Suggested Walkthrough

Setup (30s)

"Draft analyzes documents along three dimensions: what each paragraph does (rhetorical role), how well it's written (style), and whether claims are supported (evidence). Let me show you with Paul Graham's essay."

Role Map (60s)

draft map https://paulgraham.com/greatwork.html --author "Paul Graham"

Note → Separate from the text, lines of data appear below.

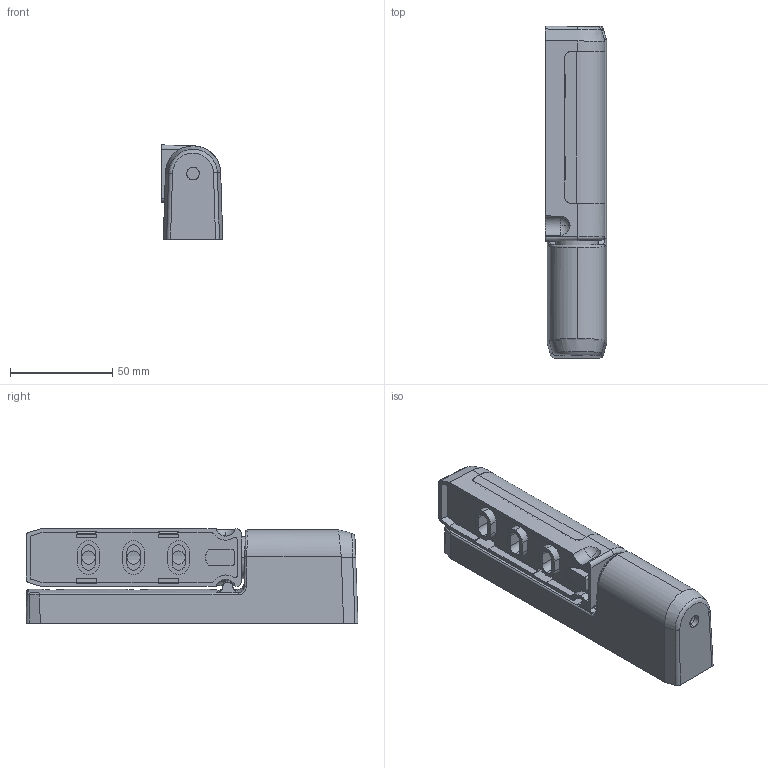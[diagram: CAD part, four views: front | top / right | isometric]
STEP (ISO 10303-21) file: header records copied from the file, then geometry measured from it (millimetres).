
FILE_DESCRIPTION (( 'STEP AP203' ), '1' );
FILE_NAME ('Žº‰ª•ÏŠ·.STEP', '2012-03-26T06:52:17', ( '' ), ( '' ), 'SwSTEP 2.0', 'SolidWorks 2011', '' );
FILE_SCHEMA (( 'CONFIG_CONTROL_DESIGN' ));
Length unit declared in the file: millimetre
Products named in the file (8): 室岡変換; FB-655-1カバー_; FB-655-1僗僩僢僷乕_; FB-655-1座金_; FB-655-1可動カム_; FB-655-1シャフト_; FB-655-1ヒンジB_; FB-655-1ヒンジA_
Assembly tree (7 placements, depth 2):
  室岡変換
    FB-655-1カバー_
    FB-655-1僗僩僢僷乕_
    FB-655-1可動カム_
    FB-655-1座金_
    FB-655-1シャフト_
    FB-655-1ヒンジB_
    FB-655-1ヒンジA_
Bounding box: 30 x 162 x 46 mm (x, y, z)
Volume: 139271.9 mm3; surface area: 56212.6 mm2
Topology: 7 solids, 7 shells, 436 faces, 1232 edges, 799 vertices
Faces by surface type: plane 237, cylinder 138, bspline 35, cone 17, torus 5, sphere 4
Entity records: 18081 total; most frequent: CARTESIAN_POINT 6280, ORIENTED_EDGE 2462, DIRECTION 2110, EDGE_CURVE 1231, VERTEX_POINT 799, VECTOR 750, LINE 750, AXIS2_PLACEMENT_3D 680
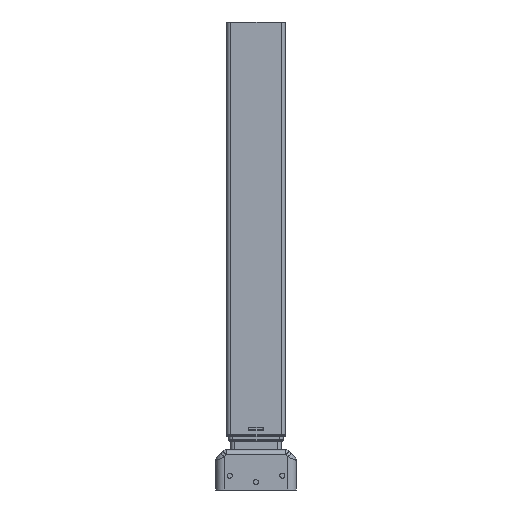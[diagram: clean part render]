
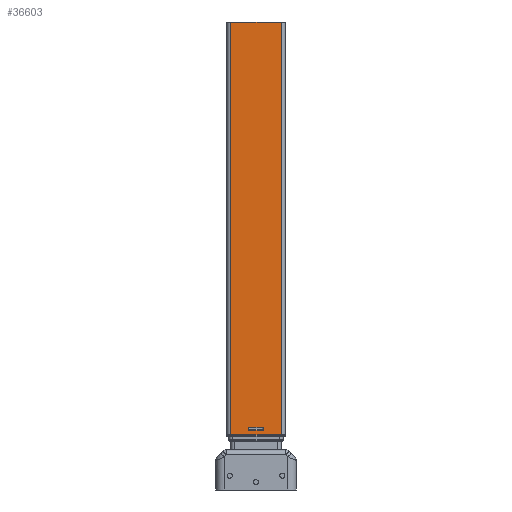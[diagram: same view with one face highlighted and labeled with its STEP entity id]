
A CAD part, left-side view. The second image highlights one B-rep face of the part: STEP entity #36603.
In plain terms, the highlighted planar face has unit normal (-1, 0, 0).
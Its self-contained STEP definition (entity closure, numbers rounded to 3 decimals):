
#414 = VERTEX_POINT ( 'NONE', #36500 ) ;
#1322 = AXIS2_PLACEMENT_3D ( 'NONE', #8025, #22198, #36261 ) ;
#1740 = EDGE_LOOP ( 'NONE', ( #2219, #25166, #28558, #8334 ) ) ;
#1875 = VERTEX_POINT ( 'NONE', #30528 ) ;
#2219 = ORIENTED_EDGE ( 'NONE', *, *, #32375, .F. ) ;
#2564 = CARTESIAN_POINT ( 'NONE',  ( -89.453, -26.057, 20.717 ) ) ;
#2647 = DIRECTION ( 'NONE',  ( 0., -1., 0. ) ) ;
#2765 = CARTESIAN_POINT ( 'NONE',  ( -89.453, -26.057, 17.083 ) ) ;
#2957 = ORIENTED_EDGE ( 'NONE', *, *, #5873, .F. ) ;
#3187 = CARTESIAN_POINT ( 'NONE',  ( -89.453, 34.943, 505.5 ) ) ;
#3562 = EDGE_LOOP ( 'NONE', ( #12732, #13144, #30040, #2957 ) ) ;
#3927 = DIRECTION ( 'NONE',  ( 0., 0., 1. ) ) ;
#4196 = FACE_BOUND ( 'NONE', #1740, .T. ) ;
#5074 = FACE_OUTER_BOUND ( 'NONE', #3562, .T. ) ;
#5873 = EDGE_CURVE ( 'NONE', #25216, #15530, #23191, .T. ) ;
#5904 = LINE ( 'NONE', #23593, #24115 ) ;
#6150 = CARTESIAN_POINT ( 'NONE',  ( -89.453, -26.057, 505.5 ) ) ;
#6639 = LINE ( 'NONE', #3187, #14228 ) ;
#8025 = CARTESIAN_POINT ( 'NONE',  ( -89.453, -26.057, 505.5 ) ) ;
#8334 = ORIENTED_EDGE ( 'NONE', *, *, #16925, .F. ) ;
#8876 = CARTESIAN_POINT ( 'NONE',  ( -89.453, 12.859, 17.083 ) ) ;
#9878 = CARTESIAN_POINT ( 'NONE',  ( -89.453, 34.943, 505.5 ) ) ;
#10531 = LINE ( 'NONE', #25752, #32772 ) ;
#12078 = DIRECTION ( 'NONE',  ( 0., 0., -1. ) ) ;
#12732 = ORIENTED_EDGE ( 'NONE', *, *, #24901, .F. ) ;
#13144 = ORIENTED_EDGE ( 'NONE', *, *, #16661, .F. ) ;
#13480 = VECTOR ( 'NONE', #3927, 1000. ) ;
#13604 = CARTESIAN_POINT ( 'NONE',  ( -89.453, 34.943, 505.5 ) ) ;
#14228 = VECTOR ( 'NONE', #25906, 1000. ) ;
#14470 = VECTOR ( 'NONE', #31166, 1000. ) ;
#14501 = VERTEX_POINT ( 'NONE', #16459 ) ;
#14611 = DIRECTION ( 'NONE',  ( 0., 0., 1. ) ) ;
#15530 = VERTEX_POINT ( 'NONE', #13604 ) ;
#15566 = VECTOR ( 'NONE', #18076, 1000. ) ;
#16250 = CARTESIAN_POINT ( 'NONE',  ( -89.453, -26.057, 505.5 ) ) ;
#16459 = CARTESIAN_POINT ( 'NONE',  ( -89.453, 12.859, 20.717 ) ) ;
#16476 = EDGE_CURVE ( 'NONE', #29969, #14501, #26449, .T. ) ;
#16661 = EDGE_CURVE ( 'NONE', #25663, #1875, #34948, .T. ) ;
#16925 = EDGE_CURVE ( 'NONE', #30571, #414, #27305, .T. ) ;
#17302 = LINE ( 'NONE', #32616, #15566 ) ;
#18076 = DIRECTION ( 'NONE',  ( 0., 1., 0. ) ) ;
#19056 = EDGE_CURVE ( 'NONE', #25663, #15530, #6639, .T. ) ;
#19120 = CARTESIAN_POINT ( 'NONE',  ( -89.453, -3.974, 20.717 ) ) ;
#19817 = VECTOR ( 'NONE', #29243, 1000. ) ;
#22198 = DIRECTION ( 'NONE',  ( 1., 0., 0. ) ) ;
#22450 = VECTOR ( 'NONE', #2647, 1000. ) ;
#23191 = LINE ( 'NONE', #9878, #13480 ) ;
#23593 = CARTESIAN_POINT ( 'NONE',  ( -89.453, 12.859, 505.5 ) ) ;
#24115 = VECTOR ( 'NONE', #12078, 1000. ) ;
#24901 = EDGE_CURVE ( 'NONE', #1875, #25216, #17302, .T. ) ;
#25166 = ORIENTED_EDGE ( 'NONE', *, *, #16476, .F. ) ;
#25216 = VERTEX_POINT ( 'NONE', #33571 ) ;
#25663 = VERTEX_POINT ( 'NONE', #16250 ) ;
#25752 = CARTESIAN_POINT ( 'NONE',  ( -89.453, -3.974, 505.5 ) ) ;
#25906 = DIRECTION ( 'NONE',  ( 0., 1., 0. ) ) ;
#26449 = LINE ( 'NONE', #2564, #14470 ) ;
#27305 = LINE ( 'NONE', #2765, #22450 ) ;
#28558 = ORIENTED_EDGE ( 'NONE', *, *, #35186, .F. ) ;
#29243 = DIRECTION ( 'NONE',  ( 0., 0., -1. ) ) ;
#29969 = VERTEX_POINT ( 'NONE', #19120 ) ;
#30040 = ORIENTED_EDGE ( 'NONE', *, *, #19056, .T. ) ;
#30528 = CARTESIAN_POINT ( 'NONE',  ( -89.453, -26.057, 11.55 ) ) ;
#30571 = VERTEX_POINT ( 'NONE', #8876 ) ;
#31166 = DIRECTION ( 'NONE',  ( 0., 1., 0. ) ) ;
#32375 = EDGE_CURVE ( 'NONE', #14501, #30571, #5904, .T. ) ;
#32616 = CARTESIAN_POINT ( 'NONE',  ( -89.453, -26.057, 11.55 ) ) ;
#32772 = VECTOR ( 'NONE', #14611, 1000. ) ;
#33571 = CARTESIAN_POINT ( 'NONE',  ( -89.453, 34.943, 11.55 ) ) ;
#33641 = PLANE ( 'NONE',  #1322 ) ;
#34948 = LINE ( 'NONE', #6150, #19817 ) ;
#35186 = EDGE_CURVE ( 'NONE', #414, #29969, #10531, .T. ) ;
#36261 = DIRECTION ( 'NONE',  ( 0., 0., 1. ) ) ;
#36500 = CARTESIAN_POINT ( 'NONE',  ( -89.453, -3.974, 17.083 ) ) ;
#36603 = ADVANCED_FACE ( 'NONE', ( #4196, #5074 ), #33641, .F. ) ;

Show the two-panel view. Click a claim card in the sidebar → document scrolls to it with flash animation. Scroll through the document → sidebar follows. Point out the role distribution: "44% claims — PG is argumentative, and the tool catches that." Click an analogy to show it identified PG's metaphorical reasoning.

Style Evaluation (60s)

draft style /tmp/pg-excerpt.md

Show the score (6.8/10) and explain: "PG's informal style intentionally breaks some formal rules — comma splices, topic shifts — but the tool correctly identifies his strengths: direct assertions, clear framing, no hedging." Read one specific violation with its fix suggestion to show actionability.

Claims + Rating (30s)

draft claims /tmp/pg-great-work.md

Show claims with novelty/insight ratings. Point out: "N:4 I:5 means this is a genuinely novel insight — the tool filters out process descriptions and highlights the substantive claims."

Close (15s)

"This pipeline works on any document — earnings calls, pitch memos, research papers, blog posts. The gym system continuously measures extraction quality across models."

Glossary

Role Map: Interactive HTML visualization showing the rhetorical function (claim, evidence, example, etc.) of each text segment. Two-panel layout with scroll sync.
Style Evaluation: Automated prose quality assessment using 215 curated principles from 5 canonical style guides. Uses few-principles-at-a-time batch evaluation for accuracy.
Opus: Claude Opus — Anthropic's most capable model, used as the meta-evaluator for gym judging.